* _TASK ITEM_
Reproduce each record in the listing below exactly as written.

* _EXTRACTED RECORDS_
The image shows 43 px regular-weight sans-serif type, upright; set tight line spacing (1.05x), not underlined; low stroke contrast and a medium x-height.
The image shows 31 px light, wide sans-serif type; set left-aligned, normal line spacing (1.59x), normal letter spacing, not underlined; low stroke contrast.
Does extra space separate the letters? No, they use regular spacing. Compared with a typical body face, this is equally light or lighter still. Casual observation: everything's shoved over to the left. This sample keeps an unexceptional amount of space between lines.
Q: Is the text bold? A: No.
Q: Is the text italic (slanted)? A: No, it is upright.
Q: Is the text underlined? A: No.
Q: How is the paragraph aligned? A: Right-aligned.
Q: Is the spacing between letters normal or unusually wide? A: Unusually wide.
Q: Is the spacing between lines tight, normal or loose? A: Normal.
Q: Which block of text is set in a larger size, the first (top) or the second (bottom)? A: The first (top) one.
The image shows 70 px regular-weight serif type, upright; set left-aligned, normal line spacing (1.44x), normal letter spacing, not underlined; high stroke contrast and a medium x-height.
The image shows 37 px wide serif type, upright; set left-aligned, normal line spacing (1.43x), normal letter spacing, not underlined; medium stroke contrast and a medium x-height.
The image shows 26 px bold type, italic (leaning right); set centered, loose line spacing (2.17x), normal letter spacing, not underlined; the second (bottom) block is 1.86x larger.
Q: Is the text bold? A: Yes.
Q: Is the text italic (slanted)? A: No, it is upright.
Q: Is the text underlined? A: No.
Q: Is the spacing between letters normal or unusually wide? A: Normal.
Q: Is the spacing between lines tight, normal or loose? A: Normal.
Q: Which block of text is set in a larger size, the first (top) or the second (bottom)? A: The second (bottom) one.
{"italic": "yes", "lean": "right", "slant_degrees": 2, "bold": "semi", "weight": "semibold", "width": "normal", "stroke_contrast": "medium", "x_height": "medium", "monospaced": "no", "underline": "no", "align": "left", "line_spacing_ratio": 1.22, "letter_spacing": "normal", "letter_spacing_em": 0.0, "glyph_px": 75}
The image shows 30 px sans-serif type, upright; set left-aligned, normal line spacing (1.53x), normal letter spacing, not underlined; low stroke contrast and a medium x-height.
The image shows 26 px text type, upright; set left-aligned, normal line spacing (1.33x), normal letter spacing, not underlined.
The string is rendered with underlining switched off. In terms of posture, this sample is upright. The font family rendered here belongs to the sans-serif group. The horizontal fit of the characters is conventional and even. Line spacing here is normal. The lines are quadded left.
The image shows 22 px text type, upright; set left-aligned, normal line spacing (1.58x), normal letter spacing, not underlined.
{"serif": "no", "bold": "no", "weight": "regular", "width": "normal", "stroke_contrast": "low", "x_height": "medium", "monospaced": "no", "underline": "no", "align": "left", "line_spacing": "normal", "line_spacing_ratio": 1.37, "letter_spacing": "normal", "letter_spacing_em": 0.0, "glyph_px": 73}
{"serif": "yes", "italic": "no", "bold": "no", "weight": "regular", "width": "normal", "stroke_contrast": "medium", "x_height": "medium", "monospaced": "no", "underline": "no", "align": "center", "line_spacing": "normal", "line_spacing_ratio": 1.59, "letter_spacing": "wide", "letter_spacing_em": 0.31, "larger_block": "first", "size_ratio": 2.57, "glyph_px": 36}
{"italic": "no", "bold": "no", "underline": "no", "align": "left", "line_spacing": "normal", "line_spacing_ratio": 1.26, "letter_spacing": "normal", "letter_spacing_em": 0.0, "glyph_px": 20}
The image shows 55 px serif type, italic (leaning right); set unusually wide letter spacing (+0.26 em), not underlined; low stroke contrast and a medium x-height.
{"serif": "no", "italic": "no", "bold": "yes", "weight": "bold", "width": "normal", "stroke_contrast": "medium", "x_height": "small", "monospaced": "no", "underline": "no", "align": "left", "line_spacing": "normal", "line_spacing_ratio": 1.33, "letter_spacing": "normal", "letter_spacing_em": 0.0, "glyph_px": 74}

* _TASK RESULT_
The image shows 43 px regular-weight sans-serif type, upright; set tight line spacing (1.05x), not underlined; low stroke contrast and a medium x-height.
The image shows 31 px light, wide sans-serif type; set left-aligned, normal line spacing (1.59x), normal letter spacing, not underlined; low stroke contrast.
Does extra space separate the letters? No, they use regular spacing. Compared with a typical body face, this is equally light or lighter still. Casual observation: everything's shoved over to the left. This sample keeps an unexceptional amount of space between lines.
Q: Is the text bold? A: No.
Q: Is the text italic (slanted)? A: No, it is upright.
Q: Is the text underlined? A: No.
Q: How is the paragraph aligned? A: Right-aligned.
Q: Is the spacing between letters normal or unusually wide? A: Unusually wide.
Q: Is the spacing between lines tight, normal or loose? A: Normal.
Q: Which block of text is set in a larger size, the first (top) or the second (bottom)? A: The first (top) one.
The image shows 70 px regular-weight serif type, upright; set left-aligned, normal line spacing (1.44x), normal letter spacing, not underlined; high stroke contrast and a medium x-height.
The image shows 37 px wide serif type, upright; set left-aligned, normal line spacing (1.43x), normal letter spacing, not underlined; medium stroke contrast and a medium x-height.
The image shows 26 px bold type, italic (leaning right); set centered, loose line spacing (2.17x), normal letter spacing, not underlined; the second (bottom) block is 1.86x larger.
Q: Is the text bold? A: Yes.
Q: Is the text italic (slanted)? A: No, it is upright.
Q: Is the text underlined? A: No.
Q: Is the spacing between letters normal or unusually wide? A: Normal.
Q: Is the spacing between lines tight, normal or loose? A: Normal.
Q: Which block of text is set in a larger size, the first (top) or the second (bottom)? A: The second (bottom) one.
{"italic": "yes", "lean": "right", "slant_degrees": 2, "bold": "semi", "weight": "semibold", "width": "normal", "stroke_contrast": "medium", "x_height": "medium", "monospaced": "no", "underline": "no", "align": "left", "line_spacing_ratio": 1.22, "letter_spacing": "normal", "letter_spacing_em": 0.0, "glyph_px": 75}
The image shows 30 px sans-serif type, upright; set left-aligned, normal line spacing (1.53x), normal letter spacing, not underlined; low stroke contrast and a medium x-height.
The image shows 26 px text type, upright; set left-aligned, normal line spacing (1.33x), normal letter spacing, not underlined.
The string is rendered with underlining switched off. In terms of posture, this sample is upright. The font family rendered here belongs to the sans-serif group. The horizontal fit of the characters is conventional and even. Line spacing here is normal. The lines are quadded left.
The image shows 22 px text type, upright; set left-aligned, normal line spacing (1.58x), normal letter spacing, not underlined.
{"serif": "no", "bold": "no", "weight": "regular", "width": "normal", "stroke_contrast": "low", "x_height": "medium", "monospaced": "no", "underline": "no", "align": "left", "line_spacing": "normal", "line_spacing_ratio": 1.37, "letter_spacing": "normal", "letter_spacing_em": 0.0, "glyph_px": 73}
{"serif": "yes", "italic": "no", "bold": "no", "weight": "regular", "width": "normal", "stroke_contrast": "medium", "x_height": "medium", "monospaced": "no", "underline": "no", "align": "center", "line_spacing": "normal", "line_spacing_ratio": 1.59, "letter_spacing": "wide", "letter_spacing_em": 0.31, "larger_block": "first", "size_ratio": 2.57, "glyph_px": 36}
{"italic": "no", "bold": "no", "underline": "no", "align": "left", "line_spacing": "normal", "line_spacing_ratio": 1.26, "letter_spacing": "normal", "letter_spacing_em": 0.0, "glyph_px": 20}
The image shows 55 px serif type, italic (leaning right); set unusually wide letter spacing (+0.26 em), not underlined; low stroke contrast and a medium x-height.
{"serif": "no", "italic": "no", "bold": "yes", "weight": "bold", "width": "normal", "stroke_contrast": "medium", "x_height": "small", "monospaced": "no", "underline": "no", "align": "left", "line_spacing": "normal", "line_spacing_ratio": 1.33, "letter_spacing": "normal", "letter_spacing_em": 0.0, "glyph_px": 74}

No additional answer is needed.